The Scala thing is a bit of a turn-off though. I get that you don't need to write Scala yourself, but now I'm dragging in the Scala ecosystem just to build my Java project? Feels heavy.

The IDE integration sounds nice in theory - being able to actually navigate and understand your build in IntelliJ would be pretty sweet.

Still not sure the switching costs are worth it unless you're really hitting Maven/Gradle pain points. But if I was starting a new project from scratch, might be worth a look.

1 comments

When has build time been an issue though? Running tests have taken the most time by far on every project I’ve ever worked on.
Author here. Mill also helps with running tests.
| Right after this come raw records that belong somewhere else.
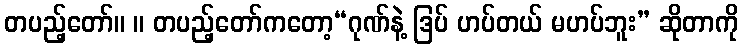
တပည့်တော်။ ။ တပည့်တော်ကတော့“ဂုဏ်နဲ့ ဒြပ် ဟပ်တယ် မဟပ်ဘူး” ဆိုတာကို
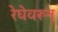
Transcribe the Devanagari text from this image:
रेघेवरून
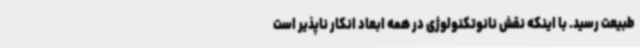
طبیعت رسید. با اینکه نقش نانوتکنولوژی در همه ابعاد انکار ناپذیر است
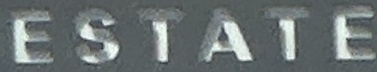
ESTATE
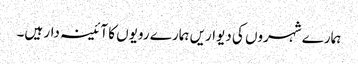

Apart from all tests running parallel by default with heuristics to try and maximize performance (https://mill-build.org/blog/11-jvm-test-parallelism.html), Mill also can selectively execute tests in CI based on code changes (https://mill-build.org/mill/large/selective-execution.html), and provide performance profiles so you can see what is taking up time and improve it (https://mill-build.org/mill/depth/parallelism.html#_mill_chr...). All this is built in and comes for free, with the end result that even tests can take much less time in Mill than they do in other build tools
Thanks for jumping in, that’s actually really helpful context. Parallelism and selective test execution built-in sounds like a huge win, especially for CI and larger teams. I’ll admit the Scala dependency still makes me hesitate a bit for pure Java projects, but clearly Mill’s design is tackling real pain points head-on. Definitely tempted to try it out on a greenfield project.
True. Tests usually dominate the time budget. But from what I've experienced, slow builds still hurt, especially when you're iterating frequently or working across multiple modules. Those 10–20 seconds of wait adds up fast when you're in the zone and trying things out.